He went on to say, “Starz is pretending that a routine licensing dispute with MGM, which had no meaningful financial impact, is the cause of Starz’s failure to win in the marketplace. We will vigorously defend against these claims.”
The two companies have been in talks since last August, when the breach was first discovered, but after Starz uncovered over a hundred additional titles, the die was cast.
Starz’s causes of action include direct and contributory copyright infringement, breach of contract, and breach of the covenant of good faith and fair dealing. They are seeking damages for lost profits, diminished reputation, and loss of goodwill.
Lionsgate owns Starz, which last year was the subject of spin-off rumors, which might have been astroturfed to draw attention away from Lionsgate’s abysmal performance.
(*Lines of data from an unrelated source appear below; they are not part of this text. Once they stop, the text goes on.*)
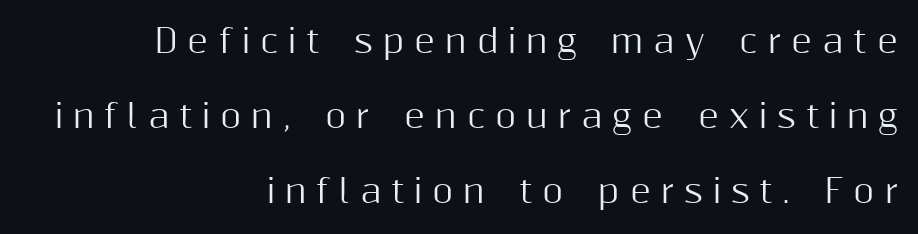
The image shows 32 px sans-serif type, upright; set right-aligned, loose line spacing (2.35x), unusually wide letter spacing (+0.31 em), not underlined; medium stroke contrast and a medium x-height.
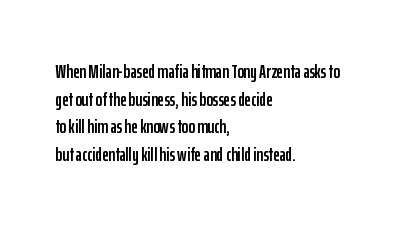
The image shows 20 px text type, upright; set left-aligned, normal line spacing (1.38x), normal letter spacing, not underlined.
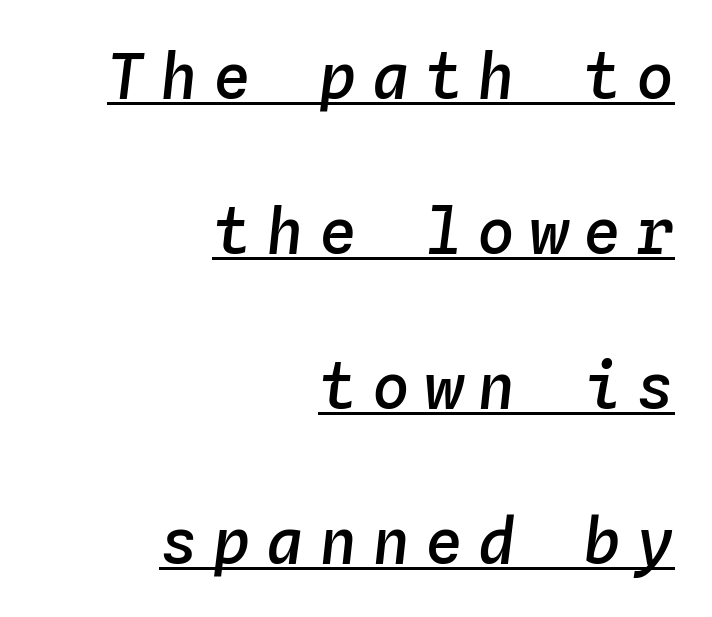
Quick note: italic. Casual observation: everything's shoved over to the right. Notice the strokes are somewhat thickened but not fully heavy: this is a semibold. Fixed-width glyphs throughout — classic coding-font behaviour. Letter spacing: wide.
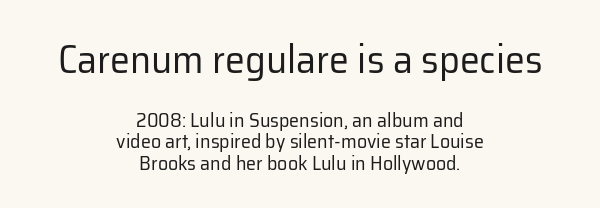
Q: Is the text bold? A: No.
Q: Is the text italic (slanted)? A: No, it is upright.
Q: Is the typeface a serif or a sans-serif typeface? A: Sans-serif.
Q: Is the text underlined? A: No.
Q: How is the paragraph aligned? A: Centered.
Q: Is the spacing between letters normal or unusually wide? A: Normal.
Q: Is the spacing between lines tight, normal or loose? A: Tight.
Q: Which block of text is set in a larger size, the first (top) or the second (bottom)? A: The first (top) one.
Q: Width (condensed, normal, or wide)? A: Normal.
Q: Stroke contrast? A: Low.
Q: x-height? A: Medium.
Q: Monospaced? A: No.
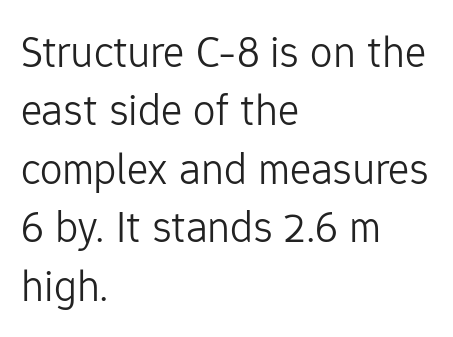
Q: Is the text bold? A: No.
Q: Is the text italic (slanted)? A: No, it is upright.
Q: Is the typeface a serif or a sans-serif typeface? A: Sans-serif.
Q: Is the text underlined? A: No.
Q: How is the paragraph aligned? A: Left-aligned.
Q: Is the spacing between letters normal or unusually wide? A: Normal.
Q: Is the spacing between lines tight, normal or loose? A: Normal.
Q: Width (condensed, normal, or wide)? A: Normal.
Q: Stroke contrast? A: Low.
Q: x-height? A: Medium.
Q: Monospaced? A: No.
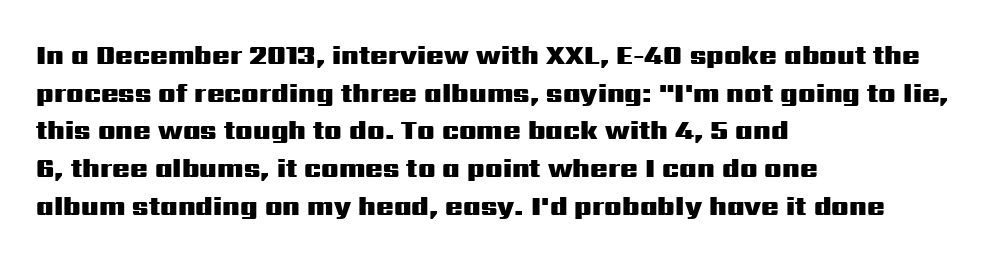
{"italic": "no", "bold": "yes", "underline": "no", "align": "left", "line_spacing": "normal", "line_spacing_ratio": 1.45, "letter_spacing": "normal", "letter_spacing_em": 0.0, "glyph_px": 26}
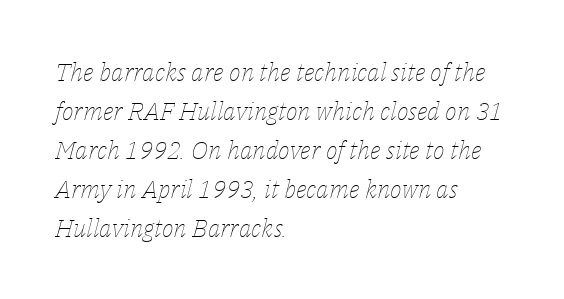
The image shows 25 px text type, italic (leaning right); set left-aligned, normal line spacing (1.56x), normal letter spacing, not underlined.
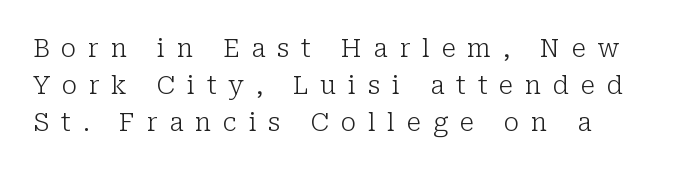
{"italic": "no", "bold": "no", "underline": "no", "align": "left", "line_spacing": "normal", "line_spacing_ratio": 1.48, "letter_spacing": "wide", "letter_spacing_em": 0.47, "glyph_px": 25}
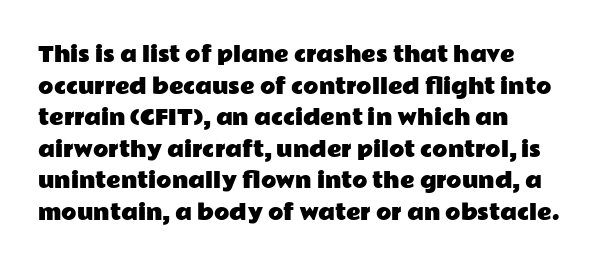
{"italic": "no", "underline": "no", "align": "left", "line_spacing": "normal", "line_spacing_ratio": 1.58, "letter_spacing": "normal", "letter_spacing_em": 0.0, "glyph_px": 20}
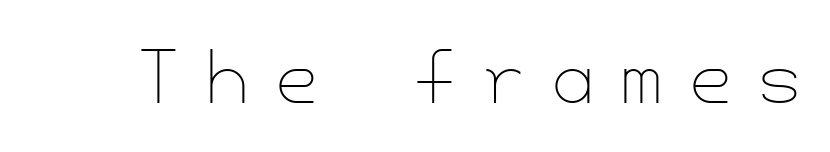
The image shows 69 px thin type, upright; set unusually wide letter spacing (+0.38 em), not underlined; low stroke contrast and a small x-height.
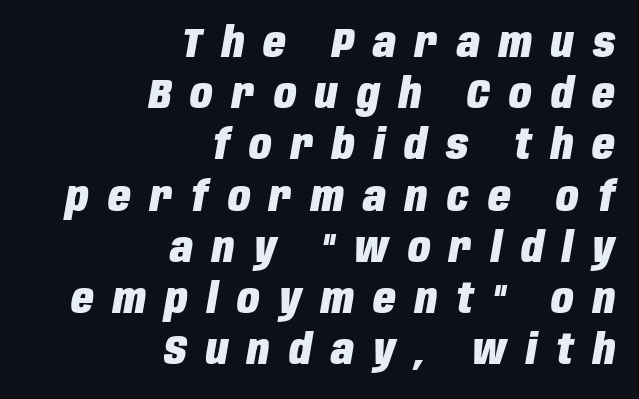
Casual observation: everything's shoved over to the right. Slant detected: the letters are inclined. Baseline-to-baseline distance is the conventional proportion of letter height. Set as a true bold cut, around the 700 mark. Underlining? Definitely not there. You could not count columns in this text — the font is proportionally spaced.

The TIFF marketplace, and indeed the entirety of 2023, has seen a surplus of promising films and a scarcity of willing buyers. This trend indicates a broader shift in the independent cinema market, characterized by a more cautious approach from buyers.
FilmTake Away: Managing and Enforcing Rights Needs Transparency
Given the patchwork nature of distribution, licensing, and sub-licensing agreements and relationships, this case could be the first of many by licensees, licensors, and rights holders as the number streaming services around the world balloon.
There is evidence that MGM is not the only company that licenses supposedly exclusive content to multiple services simultaneously.